We’re very chuffed to announce the release of recipes 0.1.13. recipes is an alternative method for creating and preprocessing design matrices that can be used for modeling or visualization.

You can install it from CRAN with:

`install.packages("recipes")`

You can see a full list of changes in the release notes. There are some improvements and changes to talk about.

## General changes

First, `step_filter()`

, `step_slice()`

, `step_sample()`

, and `step_naomit()`

had their defaults for `skip`

changed to `TRUE`

. In the vast majority of applications, these steps should not be applied to the test or assessment sets.

Also, `step_upsample()`

and `step_downsample()`

are soft deprecated in recipes as they are now available in the
themis package. They will be removed in the next version.
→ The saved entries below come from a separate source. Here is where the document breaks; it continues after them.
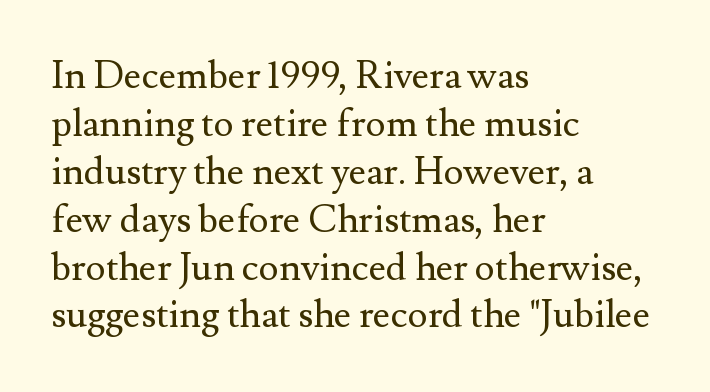
The rendering shows small feet on the letterforms — a serif design. A quiet, ordinary-to-light weight characterises the typeface. The line texture is even and compact thanks to regular tracking. The foot of each line stays bare and open.
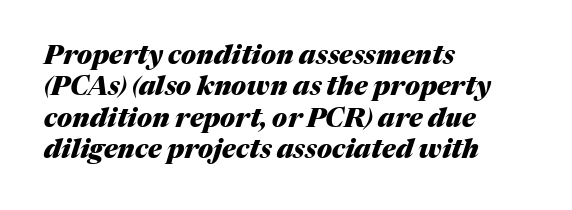
The image shows 26 px bold type, italic (leaning right); set left-aligned, line spacing 1.21x, normal letter spacing, not underlined.
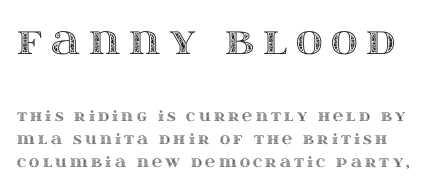
{"italic": "no", "width": "wide", "x_height": "large", "monospaced": "no", "underline": "no", "line_spacing": "normal", "line_spacing_ratio": 1.64, "letter_spacing": "wide", "letter_spacing_em": 0.23, "larger_block": "first", "size_ratio": 2.64, "glyph_px": 37}
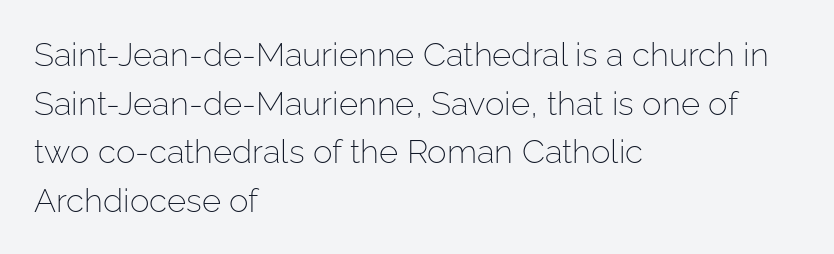
{"serif": "no", "italic": "no", "bold": "no", "weight": "light", "width": "normal", "stroke_contrast": "low", "x_height": "medium", "monospaced": "no", "underline": "no", "align": "left", "line_spacing": "normal", "line_spacing_ratio": 1.47, "letter_spacing": "normal", "letter_spacing_em": 0.0, "glyph_px": 33}
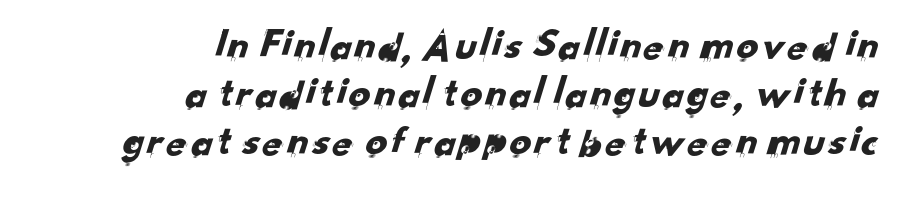
The letters advance in unequal steps, a hallmark of proportional type. The line texture is even and compact thanks to regular tracking. Cramped leading. This sample is right-justified, so line beginnings fall wherever the words allow. Underline: absent. To sum up the face: it is a sans, with no serifs.
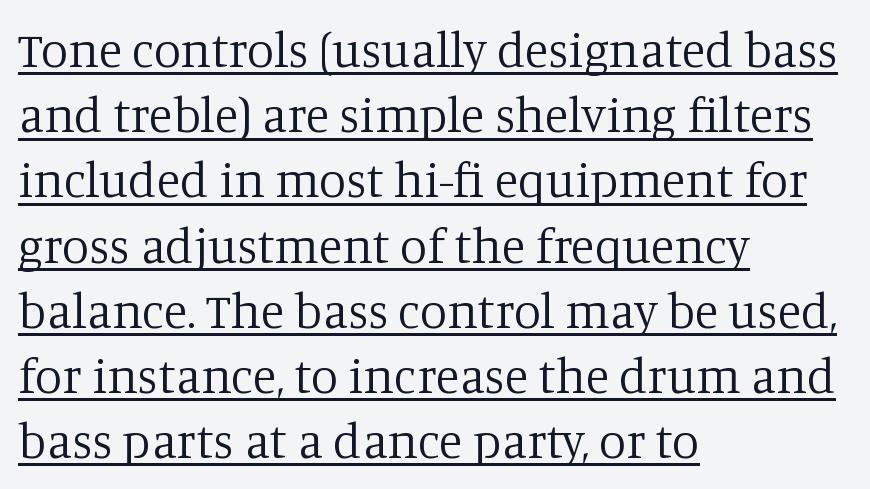
The image shows 49 px regular-weight serif type, upright; set left-aligned, normal line spacing (1.33x), normal letter spacing, underlined; low stroke contrast and a large x-height.
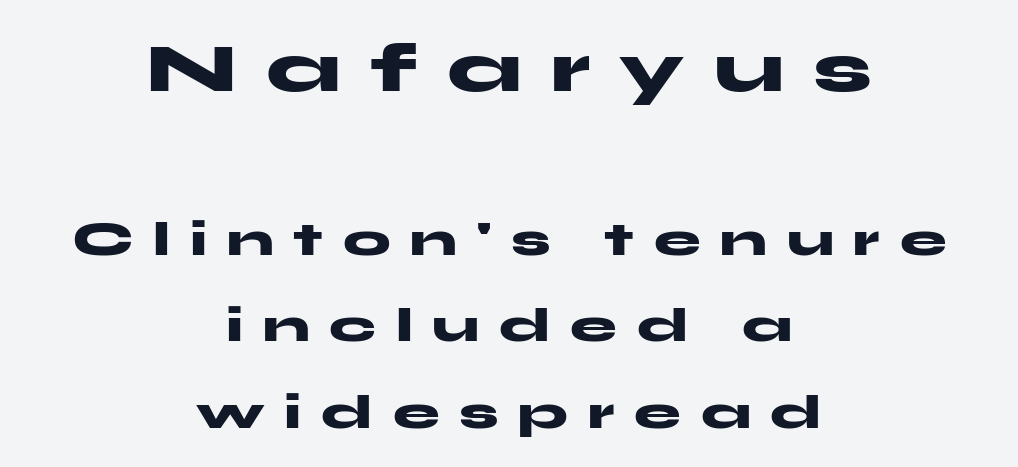
A typesetter would mark this as roman, not italic. Nobody drew a line under any word here. Nothing sits at the stroke ends, so this counts as sans-serif. Top chunk: large. Bottom chunk: small. Set as a true bold cut, around the 700 mark.

Finally, for the new version of dplyr, the selectors `all_of()`

and `any_of()`

can now be used in step selections.

## Feature extraction improvements

In the
*feature extraction* category, there are two improvements. First, the `tidy()`

method for `step_pca()`

can return the percentage of variation accounted for by each
PCA component. For example:

```
library(tidymodels)
# Many highly correlated numeric predictors:
data(meats, package = "modeldata")
set.seed(2383)
split <- initial_split(meats)
meat_tr <- training(split)
meat_te <- testing(split)
pca_rec <-
recipe(water + fat + protein ~ ., data = meat_tr) %>%
step_normalize(all_predictors()) %>%
step_pca(all_predictors(), num_comp = 10, id = "pca") %>%
prep()
var_info <- tidy(pca_rec, id = "pca", type = "variance")
table(var_info$terms)
#>
#> cumulative percent variance cumulative variance
#> 100 100
#> percent variance variance
#> 100 100
var_info %>%
dplyr::filter(terms == "percent variance") %>%
ggplot(aes(x = component, y = value)) +
geom_bar(stat = "identity") +
xlim(c(0, 10)) +
ylab("% of Total Variation")
```

Another change in this version of recipes is that `step_pls()`

has received an upgrade.
Partial least squares (PLS) is similar to PCA but takes the outcome(s) into account.

Previously, it used the
pls package to do the computations. That’s a great package but it lacks two important features: allow for a categorical outcome value (e.g. “pls-da” for *discriminant analysis*) or allow for sparsity in the coefficients. Sparsity would facilitate simpler and perhaps more robust models.

`step_pls()`

now uses the Bioconductor
mixOmics package. As such, the outcome data can now be a factor and a new argument `predictor_prop`

is used for sparsity. That argument specifies the maximum proportion of partial least squares loadings that will be *non-zero* (per component) during training. Newly prepped recipes will use this package but previously created recipes still use the pls package. For our previous example, let’s look at the protein outcome and build a recipe:

```
pls_rec <-
recipe(water + fat + protein ~ ., data = meat_tr) %>%
step_normalize(all_predictors()) %>%
step_pls(
all_predictors(),
outcome = vars(protein),
num_comp = 3,
predictor_prop = 0.75,
id = "pls"
) %>%
prep()
# for new data:
bake(pls_rec, meat_te, protein, starts_with("PLS")) %>%
tidyr::pivot_longer(cols = c(-protein),
names_to = "component",
values_to = "values") %>%
ggplot(aes(x = values, y = protein)) +
geom_point(alpha = 0.5) +
facet_wrap(~ component, scale = "free_x") +
xlab("PLS Score")
```

What are the PLS coefficients from this?

```
tidy(pls_rec, id = "pls") %>%
ggplot(aes(x = component, y = terms, fill = value)) +
geom_tile() +
scale_fill_gradient2(
low = "#B2182B",
mid = "white",
high = "#2166AC",
limits = c(-0.4, 0.4)
) +
theme(axis.text.y = element_blank()) +
ylab("Predictors")
```

The third component has the largest coefficients and the largest effect on predicting the percentage of protein. This is consistent with the scatter plot above. The blocks of white in the heatmap above are coefficients effected by the sparsity argument.